Young Ian and I looked blankly at each other; I shrugged, and went over to the cliff face, where a trickle of water ran down the rock. I cupped my hands beneath it and drank, grateful for the cold liquid sliding down my dry throat, in spite of the autumn air that reddened my cheeks and numbed my nose.

This tiny glen clearing, invisible from the road, was characteristic of most of the Highland scenery, I thought. Deceptively barren and severe, the crags and moors were full of secrets. If you didn’t know where you were going, you could walk within inches of a deer, a grouse, or a hiding man, and never know it. Small wonder that many of those who had taken to the heather after Culloden had managed to escape, their knowledge of the hidden places making them invisible to the blind eyes and clumsy feet of the pursuing English.
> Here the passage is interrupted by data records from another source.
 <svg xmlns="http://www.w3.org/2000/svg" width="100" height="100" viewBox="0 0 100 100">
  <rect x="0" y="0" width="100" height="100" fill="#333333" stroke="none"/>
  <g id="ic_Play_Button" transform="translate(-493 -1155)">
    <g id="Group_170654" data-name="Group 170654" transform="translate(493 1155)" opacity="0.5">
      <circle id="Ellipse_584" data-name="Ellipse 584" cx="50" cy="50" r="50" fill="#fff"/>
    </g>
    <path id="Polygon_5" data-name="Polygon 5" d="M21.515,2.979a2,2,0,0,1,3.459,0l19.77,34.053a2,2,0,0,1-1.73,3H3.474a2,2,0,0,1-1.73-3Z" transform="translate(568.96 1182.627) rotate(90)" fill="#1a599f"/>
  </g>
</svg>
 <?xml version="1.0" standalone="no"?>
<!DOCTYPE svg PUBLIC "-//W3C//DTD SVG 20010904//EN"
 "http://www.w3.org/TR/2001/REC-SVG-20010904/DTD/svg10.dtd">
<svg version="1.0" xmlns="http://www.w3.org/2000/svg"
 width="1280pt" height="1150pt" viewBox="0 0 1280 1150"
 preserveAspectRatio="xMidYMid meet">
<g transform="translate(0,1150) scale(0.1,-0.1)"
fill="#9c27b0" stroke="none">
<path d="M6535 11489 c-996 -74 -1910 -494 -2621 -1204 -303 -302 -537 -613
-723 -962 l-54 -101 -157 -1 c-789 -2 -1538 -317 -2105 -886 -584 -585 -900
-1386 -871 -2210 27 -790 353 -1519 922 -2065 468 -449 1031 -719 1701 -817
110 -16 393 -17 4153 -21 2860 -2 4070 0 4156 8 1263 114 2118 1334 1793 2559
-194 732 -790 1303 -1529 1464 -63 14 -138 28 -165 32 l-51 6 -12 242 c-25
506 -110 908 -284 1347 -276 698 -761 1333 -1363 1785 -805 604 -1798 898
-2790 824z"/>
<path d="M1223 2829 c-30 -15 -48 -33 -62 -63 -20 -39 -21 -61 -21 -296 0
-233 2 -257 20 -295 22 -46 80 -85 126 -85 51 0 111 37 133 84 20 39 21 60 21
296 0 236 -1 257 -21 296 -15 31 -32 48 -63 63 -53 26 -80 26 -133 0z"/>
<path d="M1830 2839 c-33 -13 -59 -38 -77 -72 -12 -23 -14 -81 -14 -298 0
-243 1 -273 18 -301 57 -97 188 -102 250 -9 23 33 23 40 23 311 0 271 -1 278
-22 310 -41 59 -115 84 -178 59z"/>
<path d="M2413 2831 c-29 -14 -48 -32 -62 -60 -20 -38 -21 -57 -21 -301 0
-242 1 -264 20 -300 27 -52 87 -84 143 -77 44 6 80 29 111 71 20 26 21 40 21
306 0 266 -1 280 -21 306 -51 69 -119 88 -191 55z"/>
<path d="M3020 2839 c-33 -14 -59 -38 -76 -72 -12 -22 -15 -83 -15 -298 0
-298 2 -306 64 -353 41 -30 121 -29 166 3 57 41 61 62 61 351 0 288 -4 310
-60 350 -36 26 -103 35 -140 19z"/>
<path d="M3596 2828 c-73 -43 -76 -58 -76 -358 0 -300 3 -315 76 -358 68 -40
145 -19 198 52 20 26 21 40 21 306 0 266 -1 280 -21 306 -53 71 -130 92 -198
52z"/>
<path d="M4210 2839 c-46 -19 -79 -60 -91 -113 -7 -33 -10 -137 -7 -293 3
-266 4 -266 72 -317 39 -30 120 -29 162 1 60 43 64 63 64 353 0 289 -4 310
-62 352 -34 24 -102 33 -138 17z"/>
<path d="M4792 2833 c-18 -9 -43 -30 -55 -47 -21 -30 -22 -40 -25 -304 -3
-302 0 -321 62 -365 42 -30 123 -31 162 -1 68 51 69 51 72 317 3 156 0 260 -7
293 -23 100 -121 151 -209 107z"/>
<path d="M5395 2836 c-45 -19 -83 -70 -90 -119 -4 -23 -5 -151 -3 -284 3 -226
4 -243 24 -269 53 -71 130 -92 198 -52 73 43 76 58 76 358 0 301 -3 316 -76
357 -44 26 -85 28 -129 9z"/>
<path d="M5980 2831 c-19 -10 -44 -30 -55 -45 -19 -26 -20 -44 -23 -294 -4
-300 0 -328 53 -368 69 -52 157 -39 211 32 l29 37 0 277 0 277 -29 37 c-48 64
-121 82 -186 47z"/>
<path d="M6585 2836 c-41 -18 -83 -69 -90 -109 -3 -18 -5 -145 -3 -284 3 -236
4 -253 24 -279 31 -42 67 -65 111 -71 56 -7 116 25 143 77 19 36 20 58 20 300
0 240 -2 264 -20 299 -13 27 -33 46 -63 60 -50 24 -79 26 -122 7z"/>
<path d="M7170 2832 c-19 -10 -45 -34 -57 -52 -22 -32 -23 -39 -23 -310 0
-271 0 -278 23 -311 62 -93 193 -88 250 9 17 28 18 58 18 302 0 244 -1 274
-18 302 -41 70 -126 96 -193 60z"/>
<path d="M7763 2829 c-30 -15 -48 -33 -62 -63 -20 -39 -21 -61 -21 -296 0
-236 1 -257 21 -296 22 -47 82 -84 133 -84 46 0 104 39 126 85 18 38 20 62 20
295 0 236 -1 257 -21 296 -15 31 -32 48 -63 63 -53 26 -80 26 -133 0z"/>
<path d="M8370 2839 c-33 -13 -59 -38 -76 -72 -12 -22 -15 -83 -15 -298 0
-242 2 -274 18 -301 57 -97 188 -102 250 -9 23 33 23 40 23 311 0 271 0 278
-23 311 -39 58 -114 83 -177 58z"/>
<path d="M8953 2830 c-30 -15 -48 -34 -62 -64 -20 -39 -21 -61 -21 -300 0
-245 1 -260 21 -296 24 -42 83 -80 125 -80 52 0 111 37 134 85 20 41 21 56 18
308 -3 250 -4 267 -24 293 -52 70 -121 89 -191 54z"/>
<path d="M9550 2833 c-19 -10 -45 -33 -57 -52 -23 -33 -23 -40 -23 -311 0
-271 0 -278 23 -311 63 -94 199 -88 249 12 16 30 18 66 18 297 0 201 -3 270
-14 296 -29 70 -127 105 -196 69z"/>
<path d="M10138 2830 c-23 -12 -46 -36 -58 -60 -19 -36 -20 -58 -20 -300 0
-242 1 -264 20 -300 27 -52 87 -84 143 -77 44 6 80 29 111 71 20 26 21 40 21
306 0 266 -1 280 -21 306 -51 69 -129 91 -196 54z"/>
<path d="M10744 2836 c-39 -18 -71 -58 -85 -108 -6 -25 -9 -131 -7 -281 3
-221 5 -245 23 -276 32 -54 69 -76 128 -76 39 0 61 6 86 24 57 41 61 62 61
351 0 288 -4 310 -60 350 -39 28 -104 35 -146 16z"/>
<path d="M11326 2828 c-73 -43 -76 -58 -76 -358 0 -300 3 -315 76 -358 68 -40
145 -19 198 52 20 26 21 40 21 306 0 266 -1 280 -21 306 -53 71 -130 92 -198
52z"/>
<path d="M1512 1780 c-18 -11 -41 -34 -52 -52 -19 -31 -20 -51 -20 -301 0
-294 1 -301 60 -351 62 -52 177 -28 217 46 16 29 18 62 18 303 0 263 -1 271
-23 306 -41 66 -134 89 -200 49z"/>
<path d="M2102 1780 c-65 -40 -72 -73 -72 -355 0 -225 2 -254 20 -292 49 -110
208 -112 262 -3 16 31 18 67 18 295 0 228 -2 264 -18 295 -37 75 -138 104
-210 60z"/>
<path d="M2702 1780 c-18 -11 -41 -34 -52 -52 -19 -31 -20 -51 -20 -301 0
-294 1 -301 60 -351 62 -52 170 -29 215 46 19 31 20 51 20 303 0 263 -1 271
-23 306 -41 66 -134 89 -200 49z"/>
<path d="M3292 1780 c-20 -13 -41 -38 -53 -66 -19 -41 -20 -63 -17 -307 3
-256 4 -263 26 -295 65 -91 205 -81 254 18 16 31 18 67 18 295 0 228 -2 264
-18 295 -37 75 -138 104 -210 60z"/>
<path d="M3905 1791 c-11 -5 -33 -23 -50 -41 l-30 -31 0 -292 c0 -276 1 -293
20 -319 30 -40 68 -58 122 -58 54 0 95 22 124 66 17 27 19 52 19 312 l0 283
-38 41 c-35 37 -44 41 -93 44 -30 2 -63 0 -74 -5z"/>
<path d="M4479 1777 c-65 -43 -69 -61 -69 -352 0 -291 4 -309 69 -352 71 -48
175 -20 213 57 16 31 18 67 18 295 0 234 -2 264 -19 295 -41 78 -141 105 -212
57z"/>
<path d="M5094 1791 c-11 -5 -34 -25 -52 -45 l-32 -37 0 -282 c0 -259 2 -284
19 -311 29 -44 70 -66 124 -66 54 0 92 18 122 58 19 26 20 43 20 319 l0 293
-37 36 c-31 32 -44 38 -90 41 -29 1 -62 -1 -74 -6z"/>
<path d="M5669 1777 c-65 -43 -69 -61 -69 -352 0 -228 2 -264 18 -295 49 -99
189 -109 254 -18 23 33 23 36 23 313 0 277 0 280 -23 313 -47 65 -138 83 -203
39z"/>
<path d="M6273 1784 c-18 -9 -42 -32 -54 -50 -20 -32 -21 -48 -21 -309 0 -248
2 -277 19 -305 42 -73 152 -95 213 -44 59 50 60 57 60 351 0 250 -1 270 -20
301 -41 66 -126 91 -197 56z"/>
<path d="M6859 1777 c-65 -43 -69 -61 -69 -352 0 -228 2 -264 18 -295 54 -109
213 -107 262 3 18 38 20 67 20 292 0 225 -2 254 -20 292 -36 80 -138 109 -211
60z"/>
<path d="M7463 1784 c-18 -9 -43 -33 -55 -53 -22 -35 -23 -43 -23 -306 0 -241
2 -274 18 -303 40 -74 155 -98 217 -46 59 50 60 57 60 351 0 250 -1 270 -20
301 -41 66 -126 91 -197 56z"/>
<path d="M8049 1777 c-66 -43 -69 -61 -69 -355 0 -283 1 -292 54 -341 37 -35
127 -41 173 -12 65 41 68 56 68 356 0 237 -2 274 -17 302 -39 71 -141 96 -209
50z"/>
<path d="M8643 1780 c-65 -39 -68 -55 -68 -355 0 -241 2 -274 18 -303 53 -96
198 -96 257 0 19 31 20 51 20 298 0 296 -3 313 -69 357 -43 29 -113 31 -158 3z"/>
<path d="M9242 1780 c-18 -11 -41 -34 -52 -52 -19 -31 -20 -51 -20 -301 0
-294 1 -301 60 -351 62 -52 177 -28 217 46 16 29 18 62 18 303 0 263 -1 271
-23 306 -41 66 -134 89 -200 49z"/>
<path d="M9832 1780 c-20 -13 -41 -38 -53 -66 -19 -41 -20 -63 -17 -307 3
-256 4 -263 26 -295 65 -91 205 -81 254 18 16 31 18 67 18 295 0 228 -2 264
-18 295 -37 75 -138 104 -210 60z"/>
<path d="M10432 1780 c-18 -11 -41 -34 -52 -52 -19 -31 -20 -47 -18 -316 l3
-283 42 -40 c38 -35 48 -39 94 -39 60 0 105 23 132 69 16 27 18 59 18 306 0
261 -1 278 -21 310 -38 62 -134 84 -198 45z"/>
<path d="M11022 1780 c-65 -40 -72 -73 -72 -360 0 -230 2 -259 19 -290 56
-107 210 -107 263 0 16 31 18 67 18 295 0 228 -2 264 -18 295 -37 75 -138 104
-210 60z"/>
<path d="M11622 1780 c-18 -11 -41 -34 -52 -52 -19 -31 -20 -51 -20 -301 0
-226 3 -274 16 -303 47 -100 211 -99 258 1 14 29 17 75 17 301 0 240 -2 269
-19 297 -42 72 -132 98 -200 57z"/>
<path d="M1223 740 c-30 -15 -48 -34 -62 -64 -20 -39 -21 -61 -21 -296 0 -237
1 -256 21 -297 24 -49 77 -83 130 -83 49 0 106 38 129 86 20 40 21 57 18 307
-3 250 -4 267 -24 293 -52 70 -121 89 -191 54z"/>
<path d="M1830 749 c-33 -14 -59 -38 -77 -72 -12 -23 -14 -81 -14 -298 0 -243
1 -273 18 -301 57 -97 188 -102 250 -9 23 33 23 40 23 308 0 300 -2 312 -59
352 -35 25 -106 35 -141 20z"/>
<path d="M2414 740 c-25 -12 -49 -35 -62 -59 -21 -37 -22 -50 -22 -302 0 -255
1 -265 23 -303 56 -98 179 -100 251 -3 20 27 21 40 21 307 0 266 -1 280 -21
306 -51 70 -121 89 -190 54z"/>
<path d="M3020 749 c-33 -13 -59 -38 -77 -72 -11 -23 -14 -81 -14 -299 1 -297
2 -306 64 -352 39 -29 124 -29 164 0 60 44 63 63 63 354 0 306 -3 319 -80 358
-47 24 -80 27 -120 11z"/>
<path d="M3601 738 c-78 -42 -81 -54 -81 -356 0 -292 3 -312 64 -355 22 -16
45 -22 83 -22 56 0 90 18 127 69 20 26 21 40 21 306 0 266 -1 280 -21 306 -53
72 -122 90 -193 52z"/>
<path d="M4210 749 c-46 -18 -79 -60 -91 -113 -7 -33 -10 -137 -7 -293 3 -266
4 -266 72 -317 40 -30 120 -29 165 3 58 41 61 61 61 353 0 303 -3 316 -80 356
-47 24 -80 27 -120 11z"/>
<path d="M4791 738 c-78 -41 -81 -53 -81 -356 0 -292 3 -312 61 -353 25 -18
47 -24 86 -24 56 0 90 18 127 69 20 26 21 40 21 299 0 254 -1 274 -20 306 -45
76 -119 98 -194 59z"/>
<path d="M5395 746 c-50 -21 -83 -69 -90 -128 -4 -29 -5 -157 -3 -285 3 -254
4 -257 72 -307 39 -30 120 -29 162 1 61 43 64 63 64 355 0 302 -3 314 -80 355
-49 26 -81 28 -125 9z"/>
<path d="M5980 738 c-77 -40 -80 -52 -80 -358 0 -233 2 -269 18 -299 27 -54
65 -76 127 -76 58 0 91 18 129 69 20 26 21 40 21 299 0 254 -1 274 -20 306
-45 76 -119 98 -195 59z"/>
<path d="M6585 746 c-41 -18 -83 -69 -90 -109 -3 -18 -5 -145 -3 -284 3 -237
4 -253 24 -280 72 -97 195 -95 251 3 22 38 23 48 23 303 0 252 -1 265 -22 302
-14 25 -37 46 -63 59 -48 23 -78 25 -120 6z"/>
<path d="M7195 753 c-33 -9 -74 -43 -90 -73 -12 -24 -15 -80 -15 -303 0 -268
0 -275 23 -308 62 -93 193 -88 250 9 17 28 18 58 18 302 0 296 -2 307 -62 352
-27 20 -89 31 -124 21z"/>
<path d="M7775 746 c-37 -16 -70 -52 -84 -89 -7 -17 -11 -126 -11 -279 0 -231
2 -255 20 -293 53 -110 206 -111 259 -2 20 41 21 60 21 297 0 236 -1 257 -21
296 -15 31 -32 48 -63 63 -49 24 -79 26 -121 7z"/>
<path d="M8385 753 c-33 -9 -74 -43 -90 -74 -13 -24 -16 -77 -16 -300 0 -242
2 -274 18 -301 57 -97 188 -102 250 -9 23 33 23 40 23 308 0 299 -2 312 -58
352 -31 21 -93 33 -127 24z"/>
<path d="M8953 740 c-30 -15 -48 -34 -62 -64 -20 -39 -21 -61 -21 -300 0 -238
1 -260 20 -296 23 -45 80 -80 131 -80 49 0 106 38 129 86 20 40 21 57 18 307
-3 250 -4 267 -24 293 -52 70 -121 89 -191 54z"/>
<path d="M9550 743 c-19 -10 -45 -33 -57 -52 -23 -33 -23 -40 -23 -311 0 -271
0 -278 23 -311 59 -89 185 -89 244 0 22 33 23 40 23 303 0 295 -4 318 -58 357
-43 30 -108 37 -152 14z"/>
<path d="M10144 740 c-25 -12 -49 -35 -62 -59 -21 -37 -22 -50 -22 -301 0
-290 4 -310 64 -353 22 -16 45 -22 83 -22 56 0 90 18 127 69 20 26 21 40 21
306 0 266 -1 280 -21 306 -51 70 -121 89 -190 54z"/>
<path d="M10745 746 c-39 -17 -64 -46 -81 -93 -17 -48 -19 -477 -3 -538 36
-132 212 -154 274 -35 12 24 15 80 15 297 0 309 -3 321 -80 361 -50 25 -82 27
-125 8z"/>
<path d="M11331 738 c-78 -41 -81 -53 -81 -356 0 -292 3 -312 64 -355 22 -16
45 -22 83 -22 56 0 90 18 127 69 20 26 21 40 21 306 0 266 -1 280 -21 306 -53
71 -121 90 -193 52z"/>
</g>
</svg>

Thirst slaked, I turned from the cliff face and nearly ran into Jamie, who had appeared as though sprung out of the earth by magic. He was putting his tinderbox back into the pocket of his coat, and the faint smell of smoke clung to his coat. He dropped a small burnt stick to the grass and ground it to dust with his foot.

“Where did you come from?” I said, blinking at this apparition. “And where have you been?”

“There’s a wee cave just there,” he explained, jerking a thumb behind him. “I only wanted to see whether anyone’s been in it.”

“Have they?” Looking closely, I could see the edge of the outcrop that concealed the cave’s entrance. Blending as it did with the other deep cracks in the rock face, it wouldn’t be visible unless you were deliberately looking for it.

“Aye, they have,” he said. His brows were slightly furrowed, not in worry, but as though he were thinking about something. “There’s charcoal mixed wi’ the earth; someone’s had a fire there.”

“Who do you think it was?” I asked. I stuck my head around the outcrop, but saw nothing but a narrow bar of darkness, a small rift in the face of the mountain. It looked thoroughly uninviting.

I wondered whether any of his smuggling connections might have traced him all the way from the coast to Lallybroch. Was he worried about pursuit, or an ambush? Despite myself, I looked over my shoulder, but saw nothing but the alders, dry leaves rustling in the autumn breeze.

“I dinna ken,” he said absently. “A hunter, I suppose; there are grouse bones scattered about, too.”